Message-ID: <48B919C2.1040809@cn.fujitsu.com>
Date: Sat, 30 Aug 2008 17:58:26 +0800
From: Lai Jiangshan <laijs@cn.fujitsu.com>
User-Agent: Thunderbird 2.0.0.16 (Windows/20080708)
MIME-Version: 1.0
To: paulmck@linux.vnet.ibm.com
CC: linux-kernel@vger.kernel.org, cl@linux-foundation.org, mingo@elte.hu,
       akpm@linux-foundation.org, manfred@colorfullife.com,
       dipankar@in.ibm.com, josht@linux.vnet.ibm.com, schamp@sgi.com,
       niv@us.ibm.com, dvhltc@us.ibm.com, ego@in.ibm.com, rostedt@goodmis.org,
       peterz@infradead.org
Subject: Re: [PATCH, RFC, tip/core/rcu] v3 scalable classic RCU implementation
References: <20080821234318.GA1754@linux.vnet.ibm.com> <20080825000738.GA24339@linux.vnet.ibm.com> <20080830004935.GA28548@linux.vnet.ibm.com>
In-Reply-To: <20080830004935.GA28548@linux.vnet.ibm.com>
Content-Type: text/plain; charset=UTF-8
Content-Transfer-Encoding: 7bit
Sender: linux-kernel-owner@vger.kernel.org
Content-Length: 6735
Lines: 240

I just had a fast review. so my comments is nothing but cleanup.

          Thanks, Lai.

Paul E. McKenney wrote:
> Hello!

> +rcu_start_gp(struct rcu_state *rsp, unsigned long iflg)
> +	__releases(rsp->rda[smp_processor_id()]->lock)
> +{
> +	unsigned long flags = iflg;
> +	struct rcu_data *rdp = rsp->rda[smp_processor_id()];
> +	struct rcu_node *rnp = rcu_get_root(rsp);
> +	struct rcu_node *rnp_cur;
> +	struct rcu_node *rnp_end;
> +
> +	if (!cpu_needs_another_gp(rsp, rdp)) {
>  
>  		/*
> -		 * Accessing nohz_cpu_mask before incrementing rcp->cur needs a
> -		 * Barrier  Otherwise it can cause tickless idle CPUs to be
> -		 * included in rcp->cpumask, which will extend graceperiods
> -		 * unnecessarily.
> +		 * Either there is no need to detect any more grace periods
> +		 * at the moment, or we are already in the process of
> +		 * detecting one.  Either way, we should not start a new
> +		 * RCU grace period, so drop the lock and return.
>  		 */
> -		smp_mb();
> -		cpus_andnot(rcp->cpumask, cpu_online_map, nohz_cpu_mask);
> +		spin_unlock_irqrestore(&rnp->lock, flags);
> +		return;
> +	}
> +
> +	/* Advance to a new grace period and initialize state. */
> +
> +	rsp->gpnum++;
> +	rsp->signaled = RCU_SIGNAL_INIT;
> +	rsp->jiffies_force_qs = jiffies + RCU_JIFFIES_TILL_FORCE_QS;
> +	record_gp_stall_check_time();
> +	dyntick_save_completed(rsp, rsp->completed - 1);
> +	note_new_gpnum(rsp, rdp);
> +
> +	/*
> +	 * Because we are first, we know that all our callbacks will
> +	 * be covered by this upcoming grace period, even the ones
> +	 * that were registered arbitrarily recently.
> +	 */
> +
> +	rcu_next_callbacks_are_ready(rdp);
> +	rdp->nxttail[RCU_WAIT_TAIL] = rdp->nxttail[RCU_NEXT_TAIL];
>  
> -		rcp->signaled = 0;
> +	/* Special-case the common single-level case. */
> +
> +	if (NUM_RCU_NODES == 1) {
> +		rnp->qsmask = rnp->qsmaskinit;

I tried a mask like qsmaskinit before.
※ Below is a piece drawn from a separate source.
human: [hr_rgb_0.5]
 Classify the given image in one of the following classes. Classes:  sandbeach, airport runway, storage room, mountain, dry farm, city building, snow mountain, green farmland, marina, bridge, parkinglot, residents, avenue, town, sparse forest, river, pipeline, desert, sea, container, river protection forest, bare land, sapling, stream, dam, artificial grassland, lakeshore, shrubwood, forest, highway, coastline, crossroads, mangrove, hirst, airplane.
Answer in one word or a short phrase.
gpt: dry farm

The system came to deadlock
when I did on/offline cpus.
I didn't find out the whys for I bethought of these two problem:

problem 1:
----race condition 1:
<cpu_down>
synchronize_rcu <called from offline handler in other subsystem>
rcu_offline_cpu


-----race condition 2:
rcu_online_cpu
synchronize_rcu <called from online handler in other subsystem>
<cpu_up>

in these two condition, synchronize_rcu isblocked for ever for
synchronize_rcu have to wait a cpu in rnp->qsmask, but this
cpu don't run.


problem 2:
we need call rcu_offline_cpu() in these two cases in rcu_cpu_notify()
since qsmaskinit had changed by rcu_online_cpu()

	case CPU_UP_CANCELED:
	case CPU_UP_CANCELED_FROZEN:


> +static void
> +cpu_quiet(int cpu, struct rcu_state *rsp, struct rcu_data *rdp, long *lastcomp)
>  {
>  	unsigned long flags;
> +	long mask;

long mask -> unsigned long mask


> +static void __rcu_offline_cpu(int cpu, struct rcu_state *rsp)
>  {
> -	if (list) {
> -		local_irq_disable();
> -		this_rdp->batch = batch;
> -		*this_rdp->nxttail[2] = list;
> -		this_rdp->nxttail[2] = tail;
> -		local_irq_enable();
> +	int i;
> +	unsigned long flags;
> +	long mask;

long mask -> unsigned long mask


> + * Queue an RCU callback for invocation after a grace period.
> + */
> +void call_rcu(struct rcu_head *head, void (*func)(struct rcu_head *rcu))
> +{
> +	unsigned long flags;
> +
> +	head->func = func;
> +	head->next = NULL;
> +	local_irq_save(flags);
> +	__call_rcu(head, &rcu_state, &__get_cpu_var(rcu_data));
> +	local_irq_restore(flags);
> +}

struct rcu_state has a field: struct rcu_data *rda[NR_CPUS]
so we can move these lines around __call_rcu into __call_rcu.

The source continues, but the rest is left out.